Source records —
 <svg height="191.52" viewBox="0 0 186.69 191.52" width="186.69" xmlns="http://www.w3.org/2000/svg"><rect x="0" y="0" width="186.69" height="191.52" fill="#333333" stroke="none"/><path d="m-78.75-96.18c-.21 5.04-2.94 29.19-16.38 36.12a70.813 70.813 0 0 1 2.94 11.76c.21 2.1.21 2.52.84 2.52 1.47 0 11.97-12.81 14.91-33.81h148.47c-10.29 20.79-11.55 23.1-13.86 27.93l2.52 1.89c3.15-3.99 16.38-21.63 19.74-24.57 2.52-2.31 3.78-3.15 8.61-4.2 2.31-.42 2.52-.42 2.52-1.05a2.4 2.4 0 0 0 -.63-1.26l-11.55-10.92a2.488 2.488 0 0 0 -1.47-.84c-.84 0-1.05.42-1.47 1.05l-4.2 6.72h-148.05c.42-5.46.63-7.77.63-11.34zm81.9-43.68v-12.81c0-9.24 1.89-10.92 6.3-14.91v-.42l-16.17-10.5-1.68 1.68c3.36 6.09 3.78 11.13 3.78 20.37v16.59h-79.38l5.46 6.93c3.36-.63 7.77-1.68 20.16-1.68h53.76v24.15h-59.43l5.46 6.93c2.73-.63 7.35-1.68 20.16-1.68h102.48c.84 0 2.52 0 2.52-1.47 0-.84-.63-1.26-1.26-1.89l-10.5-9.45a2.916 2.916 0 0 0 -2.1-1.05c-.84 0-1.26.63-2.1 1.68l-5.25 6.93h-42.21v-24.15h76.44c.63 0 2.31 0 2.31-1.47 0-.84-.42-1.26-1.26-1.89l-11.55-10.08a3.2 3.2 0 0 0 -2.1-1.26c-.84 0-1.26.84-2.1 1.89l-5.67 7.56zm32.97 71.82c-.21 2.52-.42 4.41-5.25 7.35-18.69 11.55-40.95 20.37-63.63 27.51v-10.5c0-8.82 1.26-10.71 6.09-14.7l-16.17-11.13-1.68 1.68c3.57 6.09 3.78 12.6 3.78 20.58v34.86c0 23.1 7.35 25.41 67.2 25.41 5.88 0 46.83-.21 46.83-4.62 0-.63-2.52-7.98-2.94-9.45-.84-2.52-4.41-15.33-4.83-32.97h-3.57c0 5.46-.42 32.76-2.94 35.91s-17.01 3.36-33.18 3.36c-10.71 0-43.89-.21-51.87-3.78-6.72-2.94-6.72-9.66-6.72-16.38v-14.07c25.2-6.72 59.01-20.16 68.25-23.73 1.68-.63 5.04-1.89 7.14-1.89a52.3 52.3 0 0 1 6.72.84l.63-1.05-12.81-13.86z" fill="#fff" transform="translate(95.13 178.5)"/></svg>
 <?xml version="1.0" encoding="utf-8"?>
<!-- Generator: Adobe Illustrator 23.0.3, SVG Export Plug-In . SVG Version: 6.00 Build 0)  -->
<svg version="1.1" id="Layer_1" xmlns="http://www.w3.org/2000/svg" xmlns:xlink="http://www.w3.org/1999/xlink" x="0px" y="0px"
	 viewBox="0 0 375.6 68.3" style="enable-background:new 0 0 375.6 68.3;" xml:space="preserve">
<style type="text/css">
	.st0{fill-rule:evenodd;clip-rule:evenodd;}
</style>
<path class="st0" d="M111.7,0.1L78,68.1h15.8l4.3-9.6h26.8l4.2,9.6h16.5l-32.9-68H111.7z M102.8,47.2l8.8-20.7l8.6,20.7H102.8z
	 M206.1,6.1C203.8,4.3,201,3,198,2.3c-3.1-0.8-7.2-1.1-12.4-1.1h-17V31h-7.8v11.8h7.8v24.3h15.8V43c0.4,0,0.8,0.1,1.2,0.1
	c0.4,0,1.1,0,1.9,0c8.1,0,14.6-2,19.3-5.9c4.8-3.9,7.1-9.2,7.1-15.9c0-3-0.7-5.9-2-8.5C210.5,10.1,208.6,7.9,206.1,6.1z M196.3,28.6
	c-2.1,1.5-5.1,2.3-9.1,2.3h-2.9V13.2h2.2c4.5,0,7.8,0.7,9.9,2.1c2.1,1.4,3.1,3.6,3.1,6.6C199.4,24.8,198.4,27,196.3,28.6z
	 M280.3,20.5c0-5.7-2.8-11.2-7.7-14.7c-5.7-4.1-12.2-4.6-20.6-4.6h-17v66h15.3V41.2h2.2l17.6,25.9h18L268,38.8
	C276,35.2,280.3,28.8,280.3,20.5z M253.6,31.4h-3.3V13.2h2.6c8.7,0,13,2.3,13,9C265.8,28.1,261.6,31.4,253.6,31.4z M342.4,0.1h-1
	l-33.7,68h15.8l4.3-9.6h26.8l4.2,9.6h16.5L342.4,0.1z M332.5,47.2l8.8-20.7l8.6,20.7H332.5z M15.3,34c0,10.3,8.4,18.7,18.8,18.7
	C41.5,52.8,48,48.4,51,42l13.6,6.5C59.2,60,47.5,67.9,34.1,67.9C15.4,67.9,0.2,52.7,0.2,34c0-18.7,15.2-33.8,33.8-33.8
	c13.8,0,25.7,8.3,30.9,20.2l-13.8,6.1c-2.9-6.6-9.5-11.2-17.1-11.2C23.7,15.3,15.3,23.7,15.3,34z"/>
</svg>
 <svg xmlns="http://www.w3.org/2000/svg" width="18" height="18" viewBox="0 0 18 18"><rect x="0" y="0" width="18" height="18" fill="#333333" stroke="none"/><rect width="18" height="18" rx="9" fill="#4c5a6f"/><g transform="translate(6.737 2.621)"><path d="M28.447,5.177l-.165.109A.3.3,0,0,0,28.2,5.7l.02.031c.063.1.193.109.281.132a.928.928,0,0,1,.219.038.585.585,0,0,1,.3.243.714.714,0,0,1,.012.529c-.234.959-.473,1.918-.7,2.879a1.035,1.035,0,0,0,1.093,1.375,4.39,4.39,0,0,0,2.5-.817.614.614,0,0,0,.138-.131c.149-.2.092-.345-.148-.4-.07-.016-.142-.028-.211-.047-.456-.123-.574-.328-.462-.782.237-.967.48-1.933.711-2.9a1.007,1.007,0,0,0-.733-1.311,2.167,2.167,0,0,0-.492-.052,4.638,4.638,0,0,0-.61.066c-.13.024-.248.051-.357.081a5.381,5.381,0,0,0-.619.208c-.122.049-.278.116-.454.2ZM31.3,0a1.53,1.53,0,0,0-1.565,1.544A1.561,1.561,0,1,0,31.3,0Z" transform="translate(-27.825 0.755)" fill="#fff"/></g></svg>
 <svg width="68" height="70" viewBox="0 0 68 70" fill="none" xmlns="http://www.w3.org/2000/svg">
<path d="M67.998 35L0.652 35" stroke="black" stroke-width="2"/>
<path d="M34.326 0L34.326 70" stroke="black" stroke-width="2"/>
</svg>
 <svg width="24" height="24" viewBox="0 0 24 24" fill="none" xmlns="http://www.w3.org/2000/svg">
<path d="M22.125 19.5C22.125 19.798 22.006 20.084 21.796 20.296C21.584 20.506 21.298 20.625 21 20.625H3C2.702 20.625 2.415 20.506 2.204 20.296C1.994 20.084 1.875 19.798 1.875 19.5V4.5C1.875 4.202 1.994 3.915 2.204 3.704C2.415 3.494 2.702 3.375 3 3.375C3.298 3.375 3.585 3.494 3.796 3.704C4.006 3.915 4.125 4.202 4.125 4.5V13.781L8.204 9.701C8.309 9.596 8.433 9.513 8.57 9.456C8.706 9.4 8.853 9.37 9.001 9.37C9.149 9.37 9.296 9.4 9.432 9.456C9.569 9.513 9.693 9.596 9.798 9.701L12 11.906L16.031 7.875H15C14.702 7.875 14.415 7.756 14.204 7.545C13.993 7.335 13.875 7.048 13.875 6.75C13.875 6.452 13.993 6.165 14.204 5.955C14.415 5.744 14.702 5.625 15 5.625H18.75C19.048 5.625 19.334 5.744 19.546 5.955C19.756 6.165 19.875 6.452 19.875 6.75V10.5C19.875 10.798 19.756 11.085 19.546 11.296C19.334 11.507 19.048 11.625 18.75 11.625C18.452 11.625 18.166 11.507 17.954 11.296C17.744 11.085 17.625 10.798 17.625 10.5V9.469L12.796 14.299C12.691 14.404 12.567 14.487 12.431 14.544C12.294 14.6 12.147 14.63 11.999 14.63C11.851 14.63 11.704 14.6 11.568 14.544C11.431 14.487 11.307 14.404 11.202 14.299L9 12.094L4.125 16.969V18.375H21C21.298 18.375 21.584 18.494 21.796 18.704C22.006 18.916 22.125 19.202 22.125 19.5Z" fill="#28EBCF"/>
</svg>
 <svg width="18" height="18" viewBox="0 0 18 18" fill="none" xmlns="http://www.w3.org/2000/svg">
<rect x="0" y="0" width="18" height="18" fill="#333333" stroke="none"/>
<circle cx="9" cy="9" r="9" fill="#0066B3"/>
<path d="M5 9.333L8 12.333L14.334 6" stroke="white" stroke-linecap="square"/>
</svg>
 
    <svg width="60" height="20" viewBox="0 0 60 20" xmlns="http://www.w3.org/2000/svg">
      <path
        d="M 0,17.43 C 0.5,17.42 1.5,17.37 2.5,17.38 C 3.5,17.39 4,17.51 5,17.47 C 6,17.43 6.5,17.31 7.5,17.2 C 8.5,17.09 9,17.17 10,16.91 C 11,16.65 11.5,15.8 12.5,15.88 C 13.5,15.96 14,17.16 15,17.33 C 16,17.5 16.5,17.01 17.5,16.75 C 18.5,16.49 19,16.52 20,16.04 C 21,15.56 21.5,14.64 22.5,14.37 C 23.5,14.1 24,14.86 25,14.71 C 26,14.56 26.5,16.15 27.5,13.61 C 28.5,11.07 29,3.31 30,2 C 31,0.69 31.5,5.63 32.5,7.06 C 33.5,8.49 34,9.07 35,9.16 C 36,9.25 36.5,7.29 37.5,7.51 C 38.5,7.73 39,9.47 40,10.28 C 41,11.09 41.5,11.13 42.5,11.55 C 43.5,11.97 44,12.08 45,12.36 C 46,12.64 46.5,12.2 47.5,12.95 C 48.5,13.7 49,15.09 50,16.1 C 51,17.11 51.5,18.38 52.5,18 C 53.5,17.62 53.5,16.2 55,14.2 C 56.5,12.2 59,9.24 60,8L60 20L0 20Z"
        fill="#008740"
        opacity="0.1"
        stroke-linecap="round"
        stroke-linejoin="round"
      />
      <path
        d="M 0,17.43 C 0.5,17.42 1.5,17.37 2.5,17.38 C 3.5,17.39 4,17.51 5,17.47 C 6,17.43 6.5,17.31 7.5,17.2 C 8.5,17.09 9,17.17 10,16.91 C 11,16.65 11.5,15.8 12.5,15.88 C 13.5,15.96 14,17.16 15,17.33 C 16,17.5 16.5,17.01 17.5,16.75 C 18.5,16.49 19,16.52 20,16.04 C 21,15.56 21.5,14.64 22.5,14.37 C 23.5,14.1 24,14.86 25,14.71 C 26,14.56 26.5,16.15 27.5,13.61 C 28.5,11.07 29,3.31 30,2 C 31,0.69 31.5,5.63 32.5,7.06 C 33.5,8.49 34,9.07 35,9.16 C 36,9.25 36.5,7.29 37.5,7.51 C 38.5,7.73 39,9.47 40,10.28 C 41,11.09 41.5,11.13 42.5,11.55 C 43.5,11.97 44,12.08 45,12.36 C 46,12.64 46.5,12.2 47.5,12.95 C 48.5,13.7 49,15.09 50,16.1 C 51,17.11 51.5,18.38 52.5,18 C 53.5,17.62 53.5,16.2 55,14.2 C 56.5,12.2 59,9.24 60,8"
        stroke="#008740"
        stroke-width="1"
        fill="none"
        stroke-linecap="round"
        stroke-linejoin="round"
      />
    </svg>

Problem — Pull every line that holds the string "style" out of the records.

Task output —
	 viewBox="0 0 375.6 68.3" style="enable-background:new 0 0 375.6 68.3;" xml:space="preserve">
<style type="text/css">
</style>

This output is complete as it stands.